Aunque el ferrocarril había llegado en 1864 a las puertas de Oporto, tuvo que esperar otros trece años para que el tren cruzara el ancho Duero en su desembocadura y alcanzara la metrópoli lusa. Desde Lisboa, la línea ascendía hacia el Norte, pero no pasaba de Vila Nova de Gaia, al otro lado del río. Salvar el obstáculo natural traía de cabeza a los ingenieros, que no se ponían de acuerdo sobre la fórmula idónea para seguir. La compañía ferroviaria consiguió que Gustave Eiffel viajara a Oporto y examinara la zona. Su socio Théophile Seyrig (1843-1923) se encargó del diseño de un puente que solucionara el problema. También participaron como ingenieros consultores del proyecto los portugueses Manuel Afonso de Espregueira y Pedro Ignacio López.

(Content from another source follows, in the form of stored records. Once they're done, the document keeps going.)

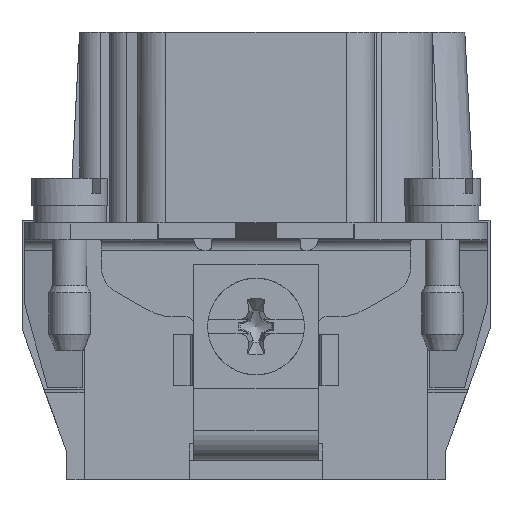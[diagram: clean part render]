
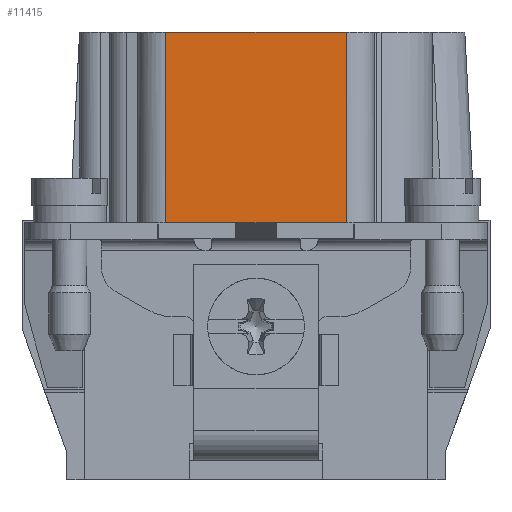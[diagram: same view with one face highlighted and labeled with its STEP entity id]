
A CAD part, left-side view. The second image highlights one B-rep face of the part: STEP entity #11415.
In plain terms, the highlighted planar face has unit normal (-1, 0, 0).
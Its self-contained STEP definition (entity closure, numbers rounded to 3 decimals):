
#8873=PLANE('',#37966);
#11415=ADVANCED_FACE('',(#12924),#8873,.T.);
#12924=FACE_OUTER_BOUND('',#14265,.T.);
#14265=EDGE_LOOP('',(#18068,#18069,#18070,#18071));
#18068=ORIENTED_EDGE('',*,*,#27153,.T.);
#18069=ORIENTED_EDGE('',*,*,#27762,.T.);
#18070=ORIENTED_EDGE('',*,*,#27657,.F.);
#18071=ORIENTED_EDGE('',*,*,#27763,.T.);
#24195=VERTEX_POINT('',#59760);
#24210=VERTEX_POINT('',#59791);
#24599=VERTEX_POINT('',#60806);
#24600=VERTEX_POINT('',#60808);
#27153=EDGE_CURVE('',#24195,#24210,#31532,.T.);
#27657=EDGE_CURVE('',#24599,#24600,#31975,.T.);
#27762=EDGE_CURVE('',#24210,#24600,#32067,.T.);
#27763=EDGE_CURVE('',#24599,#24195,#32068,.T.);
#31532=LINE('',#59792,#34018);
#31975=LINE('',#60807,#34461);
#32067=LINE('',#61012,#34553);
#32068=LINE('',#61013,#34554);
#34018=VECTOR('',#40796,1.);
#34461=VECTOR('',#41553,1.);
#34553=VECTOR('',#41769,1.);
#34554=VECTOR('',#41770,1.);
#37966=AXIS2_PLACEMENT_3D('',#61014,#41771,#41772);
#40796=DIRECTION('',(0.,-1.,0.));
#41553=DIRECTION('',(0.,-1.,0.));
#41769=DIRECTION('',(0.,0.,1.));
#41770=DIRECTION('',(0.,0.,-1.));
#41771=DIRECTION('',(-1.,0.,0.));
#41772=DIRECTION('',(0.,0.,-1.));
#59760=CARTESIAN_POINT('',(-25.425,6.55,1.2));
#59791=CARTESIAN_POINT('',(-25.425,-6.55,1.2));
#59792=CARTESIAN_POINT('',(-25.425,8.55,1.2));
#60806=CARTESIAN_POINT('',(-25.425,6.55,15.));
#60807=CARTESIAN_POINT('',(-25.425,8.55,15.));
#60808=CARTESIAN_POINT('',(-25.425,-6.55,15.));
#61012=CARTESIAN_POINT('',(-25.425,-6.55,15.));
#61013=CARTESIAN_POINT('',(-25.425,6.55,15.));
#61014=CARTESIAN_POINT('',(-25.425,8.55,15.));
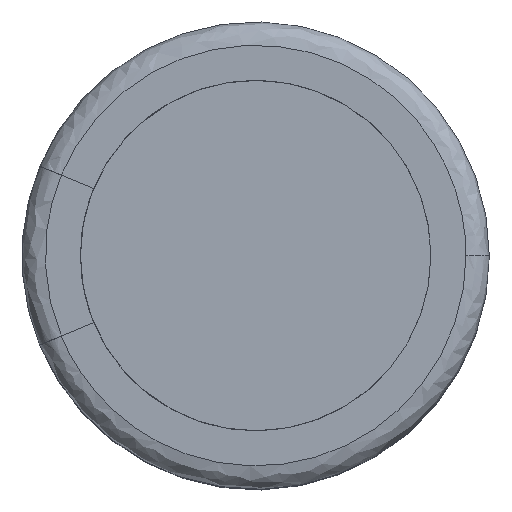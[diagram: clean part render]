
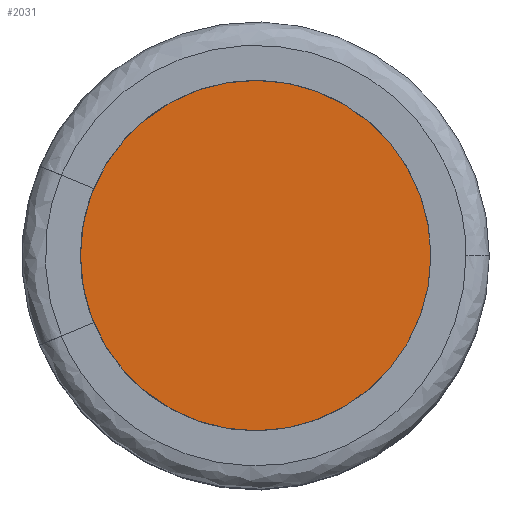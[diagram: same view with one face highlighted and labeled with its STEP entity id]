
A CAD part, top view. The second image highlights one B-rep face of the part: STEP entity #2031.
In plain terms, the highlighted planar face has unit normal (0, 0, 1).
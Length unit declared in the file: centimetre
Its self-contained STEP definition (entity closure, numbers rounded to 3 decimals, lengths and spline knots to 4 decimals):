
#59 = CARTESIAN_POINT ( 'NONE',  ( 0.675, 0., 1.99 ) ) ;
#123 = CIRCLE ( 'NONE', #266, 0.675 ) ;
#266 = AXIS2_PLACEMENT_3D ( 'NONE', #1323, #763, #938 ) ;
#352 = DIRECTION ( 'NONE',  ( 0., 0., 1. ) ) ;
#520 = CARTESIAN_POINT ( 'NONE',  ( 0., 0., 1.99 ) ) ;
#577 = EDGE_LOOP ( 'NONE', ( #1650, #1159 ) ) ;
#763 = DIRECTION ( 'NONE',  ( 0., 0., 1. ) ) ;
#938 = DIRECTION ( 'NONE',  ( 1., 0., 0. ) ) ;
#948 = DIRECTION ( 'NONE',  ( 1., 0., 0. ) ) ;
#999 = FACE_OUTER_BOUND ( 'NONE', #577, .T. ) ;
#1046 = CARTESIAN_POINT ( 'NONE',  ( -0.675, 0., 1.99 ) ) ;
#1159 = ORIENTED_EDGE ( 'NONE', *, *, #1666, .T. ) ;
#1252 = EDGE_CURVE ( 'NONE', #2079, #1602, #2145, .T. ) ;
#1286 = CARTESIAN_POINT ( 'NONE',  ( 0., 0., 1.99 ) ) ;
#1323 = CARTESIAN_POINT ( 'NONE',  ( 0., 0., 1.99 ) ) ;
#1403 = DIRECTION ( 'NONE',  ( 1., 0., 0. ) ) ;
#1602 = VERTEX_POINT ( 'NONE', #1046 ) ;
#1650 = ORIENTED_EDGE ( 'NONE', *, *, #1252, .T. ) ;
#1666 = EDGE_CURVE ( 'NONE', #1602, #2079, #123, .T. ) ;
#1805 = DIRECTION ( 'NONE',  ( 0., 0., 1. ) ) ;
#1972 = AXIS2_PLACEMENT_3D ( 'NONE', #1286, #1805, #948 ) ;
#2031 = ADVANCED_FACE ( 'NONE', ( #999 ), #2166, .T. ) ;
#2079 = VERTEX_POINT ( 'NONE', #59 ) ;
#2145 = CIRCLE ( 'NONE', #1972, 0.675 ) ;
#2150 = AXIS2_PLACEMENT_3D ( 'NONE', #520, #352, #1403 ) ;
#2166 = PLANE ( 'NONE',  #2150 ) ;

El técnico francés construye una estructura de hierro en un arco biapoyado en sus extremos de canto variable, con una luz de 160 metros y una altura de 61 metros. El tablero presenta una anchura de 6 metros y una longitud total de 563, que hace posible el tendido de la línea de ferrocarril. Son necesarias 725,7 toneladas de metal. Construido entre enero de 1876 y noviembre de 1877, constituye uno de los ejemplos más representativos de los puentes de hierro del siglo XIX. En la obra trabajaron un total de 150 operarios, y fue inaugurada por los reyes portugueses Luis I y María Pía de Saboya, que dio nombre al puente.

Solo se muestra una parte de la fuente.